• [What is needed]
The listing below contains a span that opens with the line containing "bem óbvia. Deus" and closes with the line containing "Porque Higienópolis é". Return that span exactly.

• [Dataset excerpts]
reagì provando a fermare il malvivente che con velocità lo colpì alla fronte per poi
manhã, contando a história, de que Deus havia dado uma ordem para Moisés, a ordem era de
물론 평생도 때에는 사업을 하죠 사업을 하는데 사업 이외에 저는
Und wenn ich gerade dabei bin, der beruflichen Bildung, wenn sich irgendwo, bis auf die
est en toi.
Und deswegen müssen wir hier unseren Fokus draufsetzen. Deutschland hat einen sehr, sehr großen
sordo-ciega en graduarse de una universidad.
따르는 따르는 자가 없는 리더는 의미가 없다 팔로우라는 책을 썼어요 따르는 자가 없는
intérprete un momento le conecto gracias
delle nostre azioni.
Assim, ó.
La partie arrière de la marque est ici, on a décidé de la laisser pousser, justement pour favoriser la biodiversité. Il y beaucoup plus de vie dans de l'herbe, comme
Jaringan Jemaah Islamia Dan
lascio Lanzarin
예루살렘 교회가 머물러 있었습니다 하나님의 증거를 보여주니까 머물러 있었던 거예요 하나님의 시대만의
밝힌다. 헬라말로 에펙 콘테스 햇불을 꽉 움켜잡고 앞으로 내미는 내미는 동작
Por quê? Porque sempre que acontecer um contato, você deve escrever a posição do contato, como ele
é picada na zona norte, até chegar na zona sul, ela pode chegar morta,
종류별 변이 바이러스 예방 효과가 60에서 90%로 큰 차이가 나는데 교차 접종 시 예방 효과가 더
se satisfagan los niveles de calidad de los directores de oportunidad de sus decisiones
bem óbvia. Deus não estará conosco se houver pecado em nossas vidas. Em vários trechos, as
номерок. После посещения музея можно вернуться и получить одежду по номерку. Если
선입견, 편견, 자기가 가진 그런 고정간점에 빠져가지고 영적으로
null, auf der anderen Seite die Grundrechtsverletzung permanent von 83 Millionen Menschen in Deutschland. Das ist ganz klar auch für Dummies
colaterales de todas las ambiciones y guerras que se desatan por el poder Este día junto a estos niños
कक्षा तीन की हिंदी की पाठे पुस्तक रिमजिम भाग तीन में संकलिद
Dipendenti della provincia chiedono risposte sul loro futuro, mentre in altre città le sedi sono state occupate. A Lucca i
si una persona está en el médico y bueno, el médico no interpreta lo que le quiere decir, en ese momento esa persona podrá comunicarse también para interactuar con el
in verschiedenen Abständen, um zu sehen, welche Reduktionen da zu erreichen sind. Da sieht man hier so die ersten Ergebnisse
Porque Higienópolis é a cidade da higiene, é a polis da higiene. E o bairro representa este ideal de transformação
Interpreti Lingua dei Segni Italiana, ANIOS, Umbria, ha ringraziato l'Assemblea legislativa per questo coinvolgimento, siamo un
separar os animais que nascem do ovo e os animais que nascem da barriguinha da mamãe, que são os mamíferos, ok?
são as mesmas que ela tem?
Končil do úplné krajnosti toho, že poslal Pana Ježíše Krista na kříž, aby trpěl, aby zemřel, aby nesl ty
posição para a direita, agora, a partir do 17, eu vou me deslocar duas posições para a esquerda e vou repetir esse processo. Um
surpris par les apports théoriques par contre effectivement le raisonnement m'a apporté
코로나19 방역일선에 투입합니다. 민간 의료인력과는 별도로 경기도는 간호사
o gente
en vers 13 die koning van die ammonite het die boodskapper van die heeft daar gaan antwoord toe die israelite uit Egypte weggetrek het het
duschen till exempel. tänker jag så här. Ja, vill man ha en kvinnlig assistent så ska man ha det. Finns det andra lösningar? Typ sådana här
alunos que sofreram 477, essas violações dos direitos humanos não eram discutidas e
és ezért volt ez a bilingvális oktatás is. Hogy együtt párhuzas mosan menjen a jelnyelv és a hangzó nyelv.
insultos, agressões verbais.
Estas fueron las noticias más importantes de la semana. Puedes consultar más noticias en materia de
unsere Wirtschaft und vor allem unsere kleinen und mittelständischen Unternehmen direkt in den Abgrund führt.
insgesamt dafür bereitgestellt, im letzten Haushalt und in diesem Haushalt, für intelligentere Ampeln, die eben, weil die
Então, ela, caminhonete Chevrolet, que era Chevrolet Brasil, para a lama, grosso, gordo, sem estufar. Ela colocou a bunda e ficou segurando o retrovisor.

• [Task result]
bem óbvia. Deus não estará conosco se houver pecado em nossas vidas. Em vários trechos, as
номерок. После посещения музея можно вернуться и получить одежду по номерку. Если
선입견, 편견, 자기가 가진 그런 고정간점에 빠져가지고 영적으로
null, auf der anderen Seite die Grundrechtsverletzung permanent von 83 Millionen Menschen in Deutschland. Das ist ganz klar auch für Dummies
colaterales de todas las ambiciones y guerras que se desatan por el poder Este día junto a estos niños
कक्षा तीन की हिंदी की पाठे पुस्तक रिमजिम भाग तीन में संकलिद
Dipendenti della provincia chiedono risposte sul loro futuro, mentre in altre città le sedi sono state occupate. A Lucca i
si una persona está en el médico y bueno, el médico no interpreta lo que le quiere decir, en ese momento esa persona podrá comunicarse también para interactuar con el
in verschiedenen Abständen, um zu sehen, welche Reduktionen da zu erreichen sind. Da sieht man hier so die ersten Ergebnisse
Porque Higienópolis é a cidade da higiene, é a polis da higiene. E o bairro representa este ideal de transformação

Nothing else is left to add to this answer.